研修や社内教育を担当している人事・人材開発担当者であれば、マニュアルや手順書を音声化して「耳で学べるコンテンツ」に変換する使い方が現実的です。テキストのマニュアルを読まない新入社員でも、通勤中に音声で聞けば内容が入りやすいという声は現場から上がっています。作業コストで言えば、テキストさえ用意できれば音声化自体は数分で完了します。
主要な音声生成ツールの比較
現時点でビジネス用途に使われている音声生成ツールをいくつか並べると、選び方の判断軸が見えてきます。
| ツール | 日本語品質 | 無料枠 | 特徴 |
|---|---|---|---|
| ElevenLabs | 高い | 月10,000文字 | 感情表現・声のクローンが強い |
| Google Text-to-Speech | 中程度 | 月100万文字(一部) | Google製品との連携が容易 |
| Azure Cognitive Services | 高い | 月50万文字 | Microsoft製品との親和性が高い |
| VOICEVOX | 日本語特化 | 無料(ローカル) | 商用利用のルールが明確 |
日本語の自然さを優先するなら、ElevenLabsかAzureが現時点では頭一つ抜けています。一方、社内ツールがMicrosoft 365で統一されている会社であれば、Azureの方が導入の承認を取りやすい場合があります。個人で試すならElevenLabsの無料プランが手軽で、商用利用を検討するなら料金プランと利用規約を事前に確認しておく必要があります。

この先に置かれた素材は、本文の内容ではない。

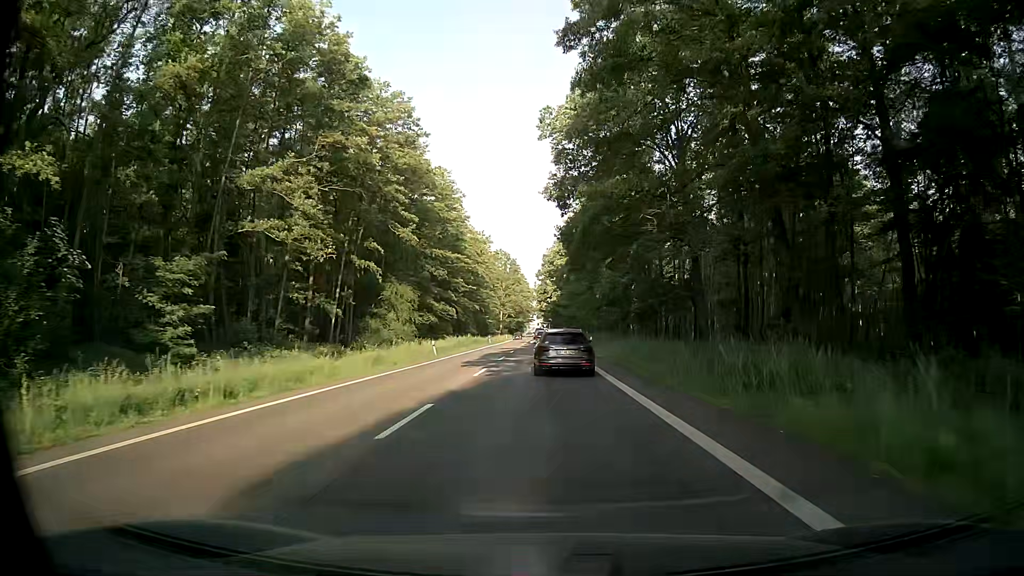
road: secondary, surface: asphalt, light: Day
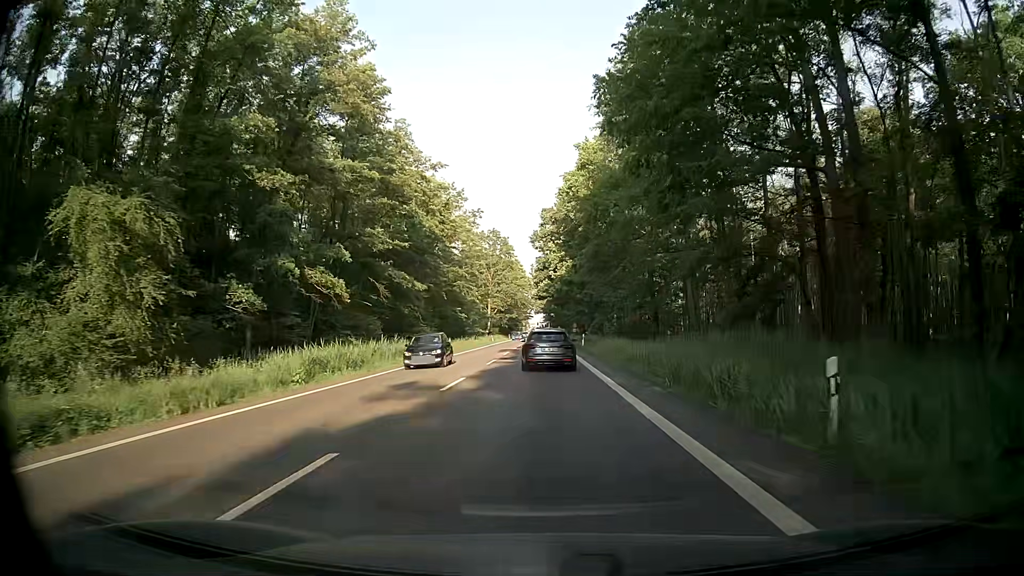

VOICEVOXは日本のクリエイターに支持されているローカル動作のツールで、社外にデータを出したくないという情報管理上の制約がある場合に選択肢になります。ただし声の種類や感情表現の幅はElevenLabsには及びません。
「声にこだわった」という一言が示すもの
Karpathyが「声にこだわりがあったから手動でやった」と書いたのは、ちょっとした本音の漏れ方です。AIツールを使いこなしている人でも、アウトプットの品質に対して「ここは自分でコントロールしたい」という感覚を持っています。これは30〜40代の会社員にも共通する感覚ではないでしょうか。
自動化できる部分と、自分が手を入れるべき部分を分けて考えることが、AIツールとうまく付き合うコツです。プロンプトエンジニアリングガイドでも触れているように、AIに任せる範囲を決めることが、結果の品質を左右します。全部任せようとするより、「ここは自分でチェックする」という線引きを持っている人の方が、ツールを長く使い続けられます。
音声の場合で言えば、たとえば社外向けのプレゼン音声なら声のトーンや間を自分で調整する、社内向けの情報共有なら自動生成のままでOKにする、という使い分けが現実的です。
まとめ
ElevenLabsという名前は今後、AIツールの文脈でよく出てくるようになるはずです。Karpathyのような人物が普段使いしているという事実は、このカテゴリのツールが「実験段階」から「実用段階」に入ったことを示しています。日本の会社員にとっての問いは「使うか使わないか」より「どこで使うか」に移りつつあります。自分の仕事の中で、テキストを誰かに読んでもらうことに頼っている場面はどこにあるか、そこを起点に考えてみると使い始めるきっかけが見つかるかもしれません。